The way factory chickens are raised is really disgusting, and a major source of water pollution. Not only that, but eating the chckens can be dangerous too. I just read an article on how researchers in Arkansas found that they could greatly reduce E. coli, Listeria and Salmonella in chicken breast meat by infusing combinations of organic acids — acetic, citric, lactic, malic and tartaric — into the meat. It is coming down to a choice of the risk of food poisoning or having chemicals in your food with many things for sale at food retailers.
I would rather have local free range chicken, but a lot of people balk at the price of chickens in the farmers markets. They are more expensive compared to the commodity chickens but not compared to what they actually cost to raise and process for the farmers, they don’t make a lot of profit on them.

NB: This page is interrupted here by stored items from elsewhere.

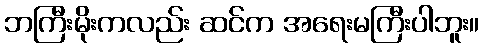
ဘကြီးမိုးကလည်း ဆင်က အရေးမကြီးပါဘူး။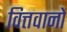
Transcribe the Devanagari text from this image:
वित्तवानों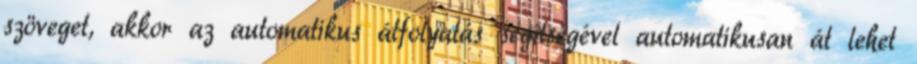
szöveget, akkor az automatikus átfolyatás segítségével automatikusan át lehet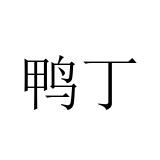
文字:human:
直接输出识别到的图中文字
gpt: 鸭丁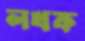
লখক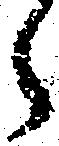
ら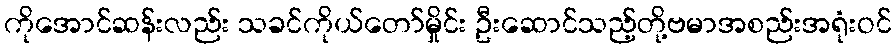
ကိုအောင်ဆန်းလည်း သခင်ကိုယ်တော်မှိုင်း ဦးဆောင်သည့်တို့ဗမာအစည်းအရုံးဝင်
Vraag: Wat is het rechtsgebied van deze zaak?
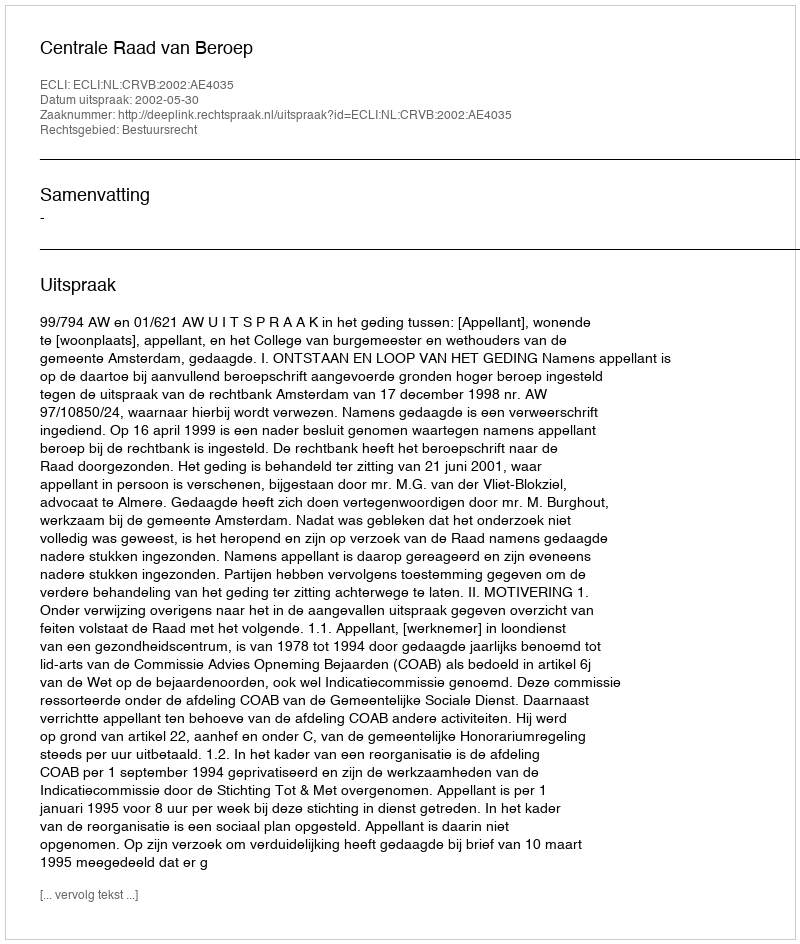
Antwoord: Bestuursrecht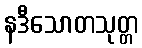
နဒီသောတသုတ္တ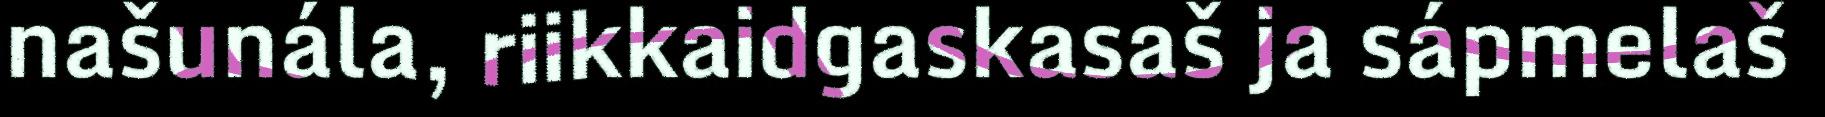
našunála, riikkaidgaskasaš ja sápmelaš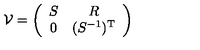
{ \cal { V } } = \left( \begin{array} { c c } { S } & { R } \\ { 0 } & { ( S ^ { - 1 } ) ^ { \mathrm { T } } } \\ \end{array} \right)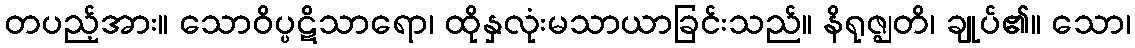
တပည့်အား။ သောဝိပ္ပဋိသာရော၊ ထိုနှလုံးမသာယာခြင်းသည်။ နိရုဇ္ဈတိ၊ ချုပ်၏။ သော၊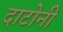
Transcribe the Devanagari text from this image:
दाटोनी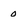
Character: 0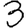
Digit: 3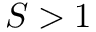
S > 1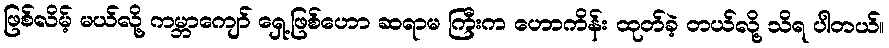
ဖြစ်လိမ့် မယ်လို့ ကမ္ဘာကျော် ရှေ့ဖြစ်ဟော ဆရာမ ကြီးက ဟောကိန်း ထုတ်ခဲ့ တယ်လို့ သိရ ပါတယ်။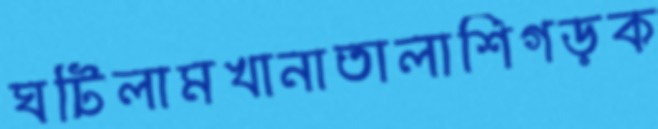
ঘটিলামখানাতালাশিগড়ক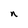
Character: n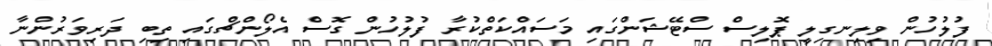
ފުލުހުން ވިލިނގިލީ ޕޮލިސް ސްޓޭޝަންގައި މަސައްކަތްކުރާ ފުލުހުން ގޮސް އެލޯންޗްގައި ތިބި ދަރިވަރުންނާ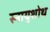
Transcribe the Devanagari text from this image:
स्नायुशोथ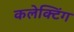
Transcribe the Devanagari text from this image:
कलेक्टिंग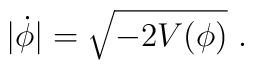
|\dot\phi| = \sqrt{-2 V(\phi)} \ .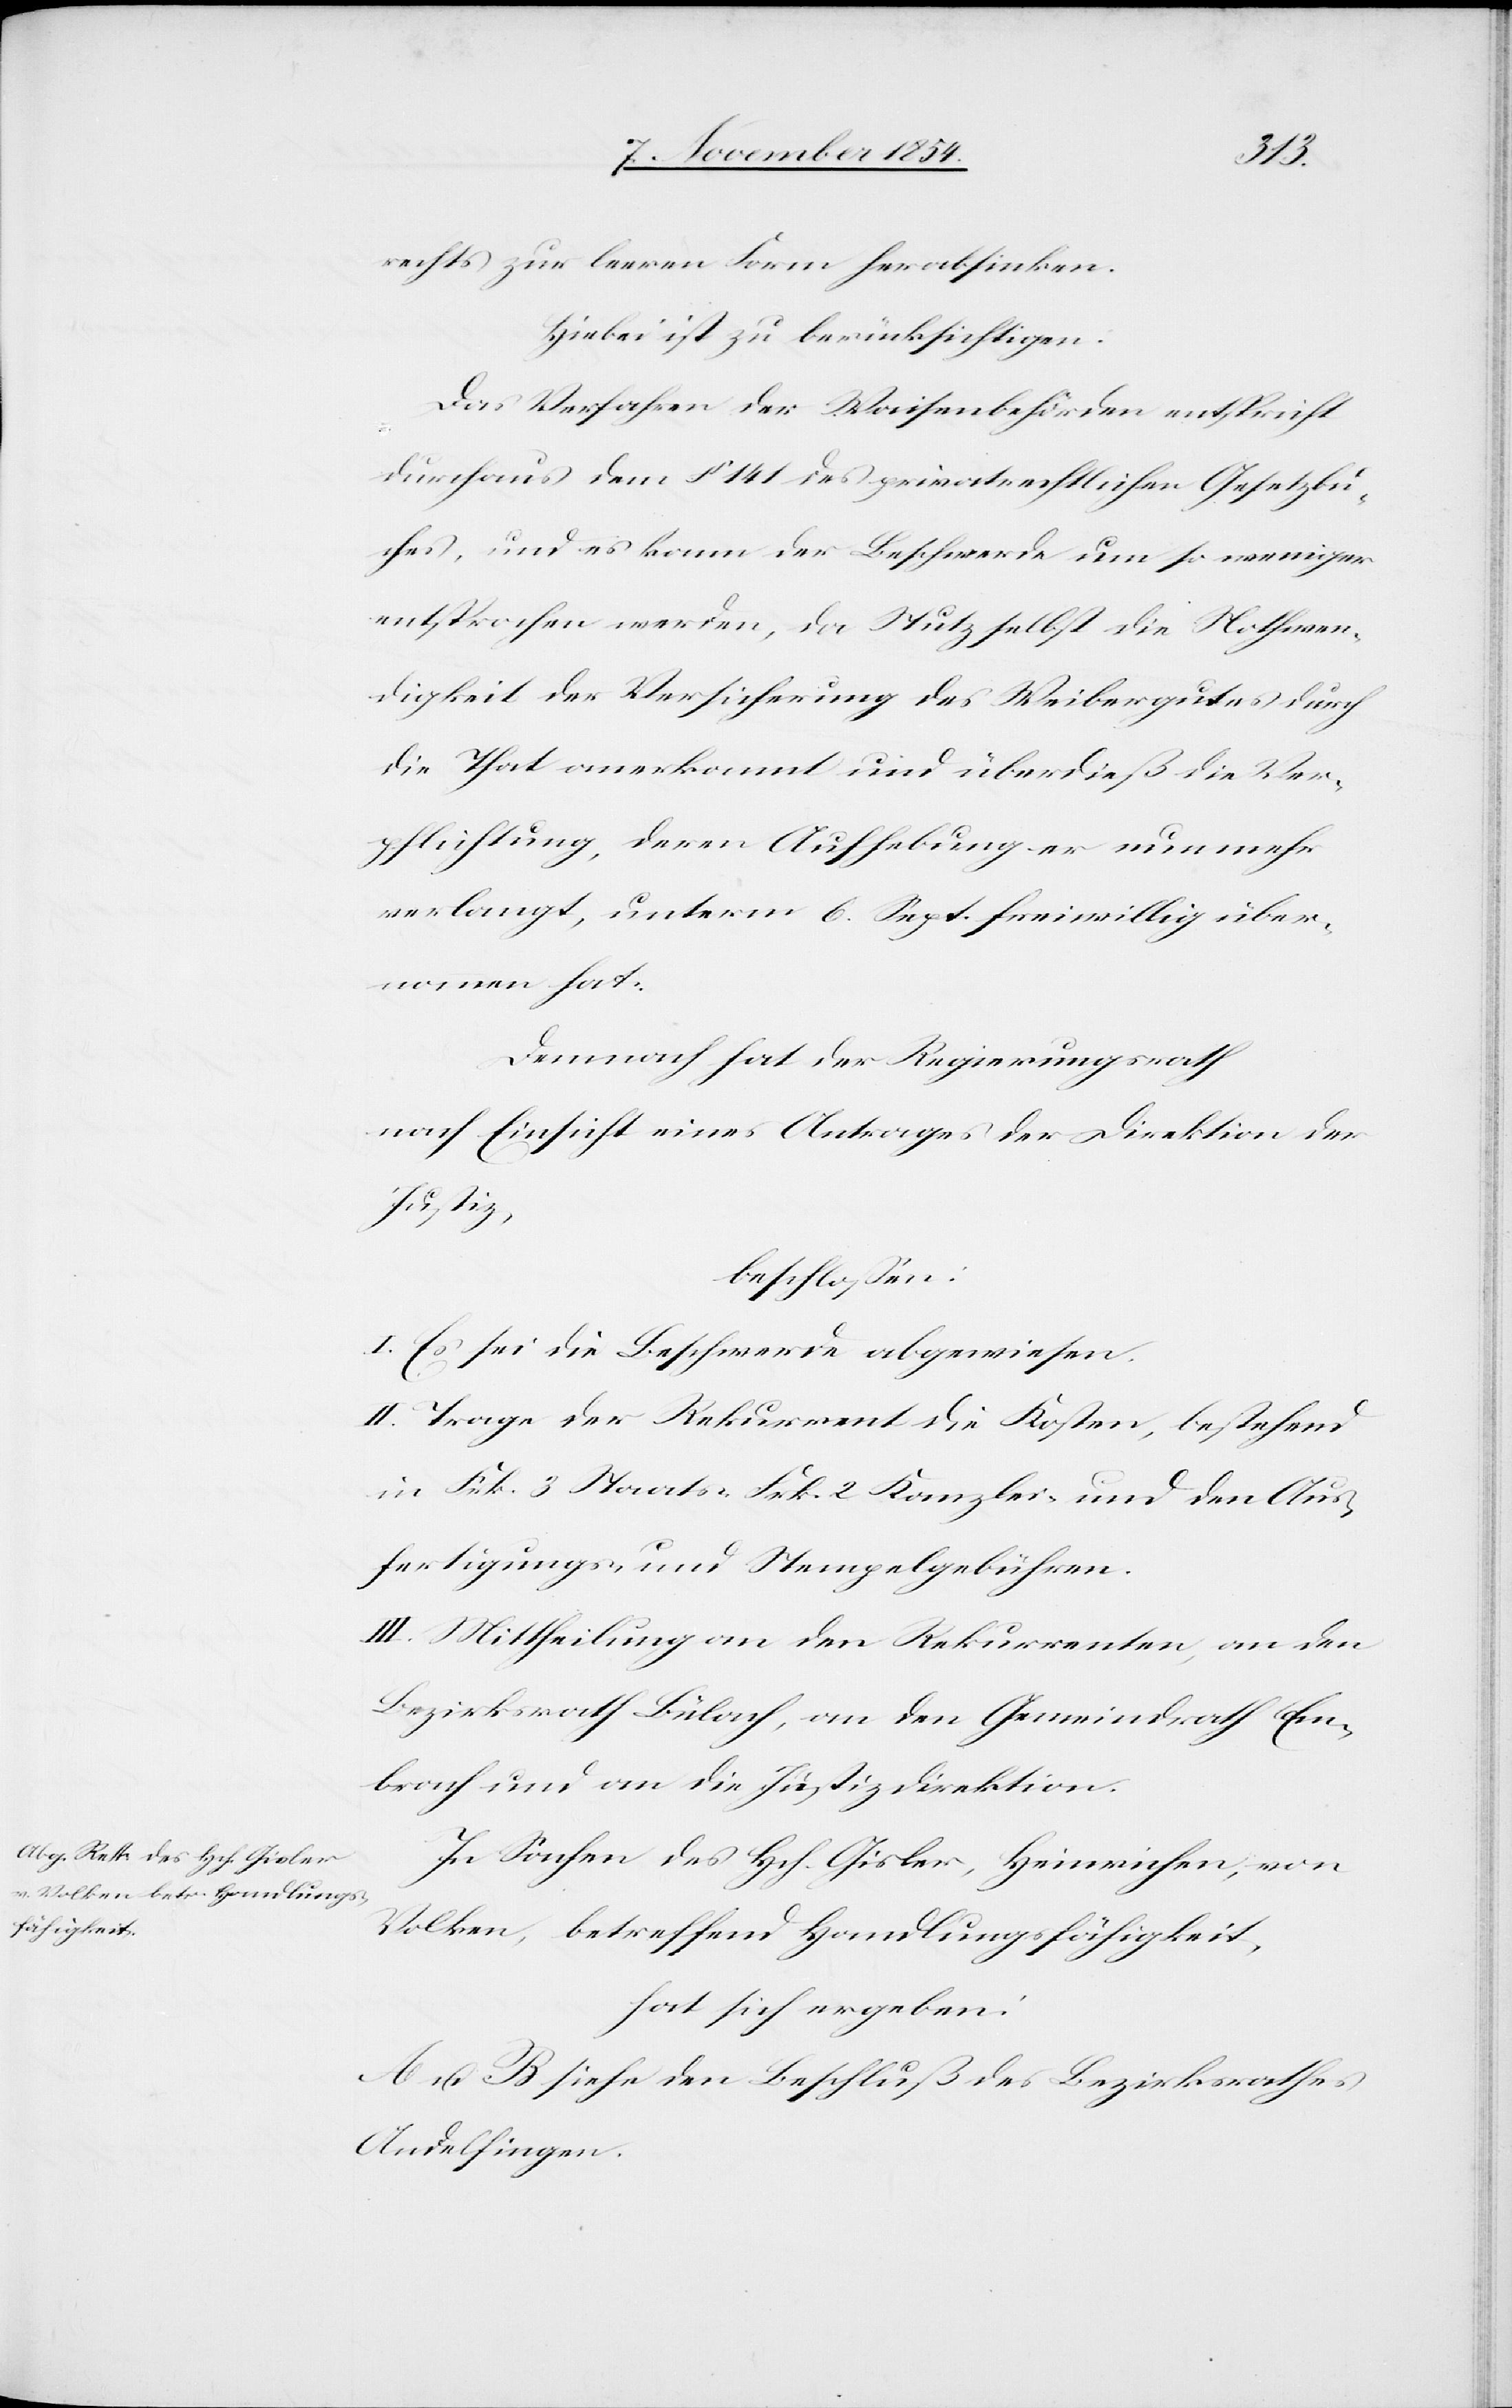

The key is making a chicken and your money go the farthest. Two people should be able to eat well at least four times from a chicken; a family of four could eat at least twice. I like to roast a whole chicken or put it on the rotisserie, then pull it apart and slice up the meat. If you serve it already sliced you will take less on your plate than just putting a whole piece on there. If you put a whole piece of chicken or a whole steak on my plate, I’m going to eat it all; I have no willpower for good food.
This is in keeping with the Michael Pollan mantra of “Eat food, not too much, mostly plants”, and a little chicken with a lot of veggie side dishes on your plate is the way to go, it is very satisfying.
You may have enough left to have a second meal either as leftovers, a stir fry, chicken salad and then with the bones and scraps make a great chicken stock that can be the base for a great soup with tons of veggies. That is really making your local food dollar stretch.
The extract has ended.